Typically, I go the wellness route. One year, I committed to drinking plenty of water. Another year, I committed to less yelling. One year, more recent than the others, I committed to the grace of mercy by forgiving those who have wronged me in the past.

The French word for ‘thank you’, merci, is a daily implementation of mercy. Gratitude is a practice of acknowledging the gift of others. The gift of others. The practice of mercy untethered me from a victim mindset to one of growth. Even pain, and in my case, trauma and PTSD, was a gift of others. Suffering is usually not a human condition one enters into by themselves, and only our most-whole selves can begin to understand the gift, the transference, of another’s pain.

For my Self to feel whole, I had to practice mercy on myself. Forgiving my past failures and fears was much harder for me than forgiving others. Learning to treat myself equally, to not be my own victim, was a step that allowed me to face life’s uncertainty with the dignity that I deserved. Mercy doesn’t seek revenge or tolerate injustice. It’s a fortitude that allows the dissolution of control. When we let the nature of things go where they will, when we stop trying to counter the force of the hurricane, we are rewarded with nature’s inclination for balance.

By practicing mercy in the world, the opportunity for gratitude grew stronger which allowed me to feel less concerned about being wronged or shortchanged. Somewhere in my childhood, the notion that everything was supposed to be idyllic and perfect set a high standard, somewhere near the mark of 100%. It took me many years into adulthood to recognize this ideal was unnecessary, and quite frankly, impossible. My happiness is quite full, even at the 75% mark. For that, I am grateful.

For me, Lent is not just a period of deprivation, but a time for reflection. We are all shortchanged in life, but the lack doesn’t correlate with our worth. Digging deep to a place of forgiveness and mercy is an act of integrity and compassion. The world could use more of that.

Faith, love, and hope symbolized on a maritime cross from St. Marie de la Mer, France

Wednesday Wisdom: Doubt

The snow is still falling here in Montana. When I look outside, a yellow patio table beams like sunlight against the white-washed everything, a beacon of hope for spring, although it seems like it may take forever before we are rewarded with a hint of green.
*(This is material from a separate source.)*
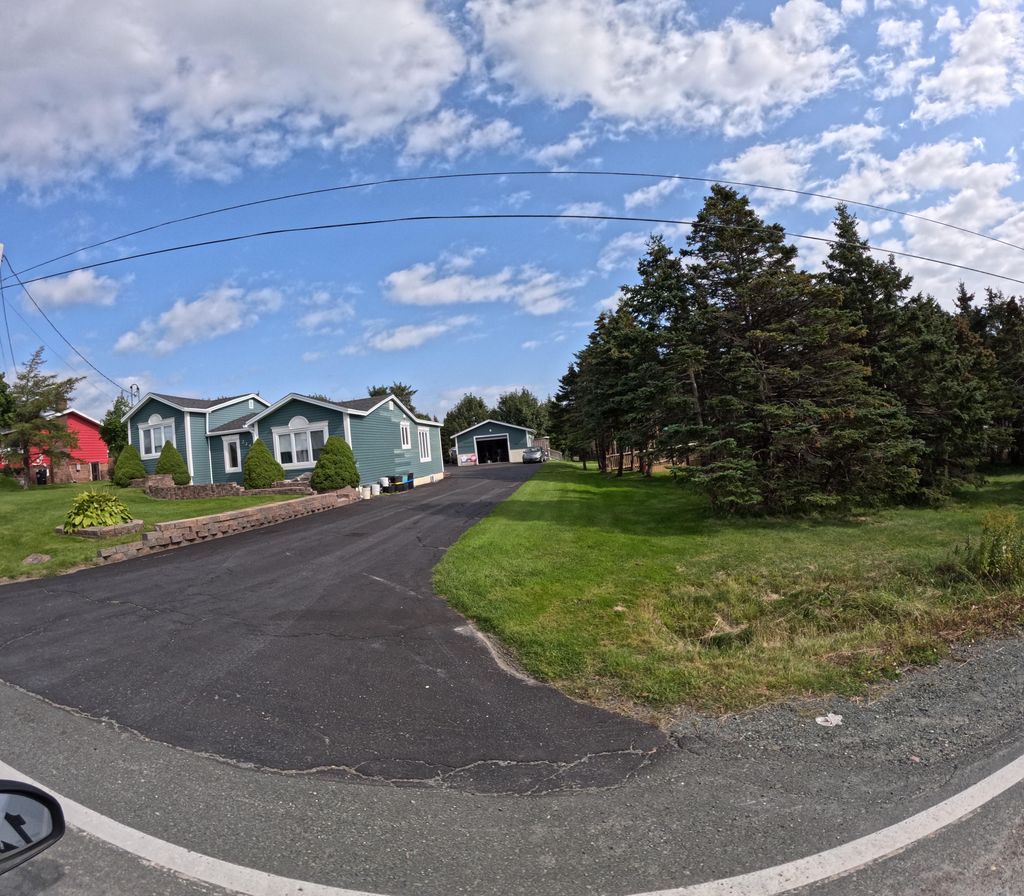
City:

My brain feels snowy these days, overwhelmed by the singular vision of commitment that a book-length project can bring. On Monday, I submitted a short memoir piece to Creative Nonfiction magazine for a contest with the hope that working on a new story would have inspired me with vigor. I do not expect to win. It was a goal I set in January, and I am learning how hard I am to myself when I let myself down.
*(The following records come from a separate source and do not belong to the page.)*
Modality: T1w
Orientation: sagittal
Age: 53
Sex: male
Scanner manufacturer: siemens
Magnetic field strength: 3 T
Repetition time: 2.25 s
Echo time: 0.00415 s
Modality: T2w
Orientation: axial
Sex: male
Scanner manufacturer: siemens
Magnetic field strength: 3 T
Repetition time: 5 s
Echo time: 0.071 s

Writing nonfiction brings me to desolate places. I wonder if I will ever finish my memoir, if I’m creating a cohesive narrative, if my story will resonate with the right readers, or if it will have any readers at all. Doubt is a nightly snowfall to clear away in the daylight, because underneath doubt is a narrative that brings hope to the world. Every person has a story worth telling, a life worth sharing, and withholding the hardest stories cheats the world from the truth.
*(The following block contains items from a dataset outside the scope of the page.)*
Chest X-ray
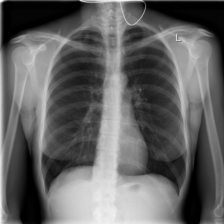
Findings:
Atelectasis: negative
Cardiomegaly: negative
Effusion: negative
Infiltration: negative
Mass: negative
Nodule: negative
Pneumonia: negative
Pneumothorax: negative
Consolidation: negative
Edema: negative
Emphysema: negative
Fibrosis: negative
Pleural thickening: negative
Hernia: negative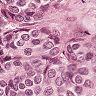
Metastatic tissue present: yes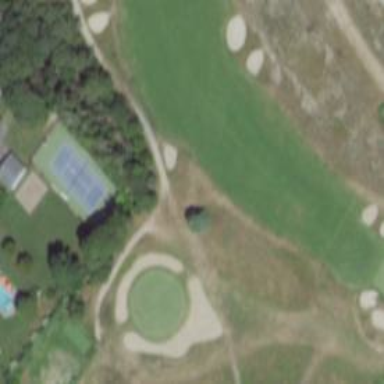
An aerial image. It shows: Path used for both walking and golf.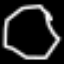
Label: octagon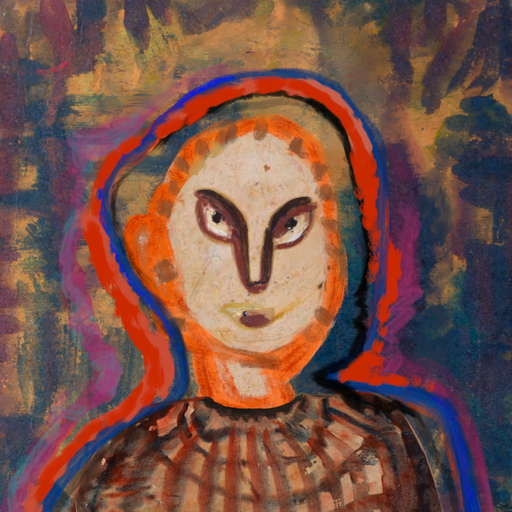
Background: InTheSun, Head And Neck Front: Rupkatha, Face Front: After_Raid, Bust: Orphan, Hair Front: Experience, Head Accessory: Blank, Second Necklace: Blank, Necklace: Blank, Baby: Blank

At the Oscars on Sunday night, Samuel L. Jackson said, “The easiest thing to do in the world is to not write.”

This off-hand comment was the wisdom I needed to hear. Doubt was given to me by voices who didn’t agree with my message, who thought my pain should be stifled, that my voice should be silenced, that my worth shifted on a scale of obedience. Doubt was given to me by myself when I diminished my self-worth enough to believe them.

Silence is the snowfall that allows the perpetuity of abuses in relationships and society. Writing is only one of the numerous means to declare power where voice was stolen and dignity denied. I write to dispel the shame of those who seek only their humanity in a world that forbids it. Emotions are not weakness—they are fire. Sitting at my computer, when I gaze outside, I can’t help but think what a beautiful time it is to be alive.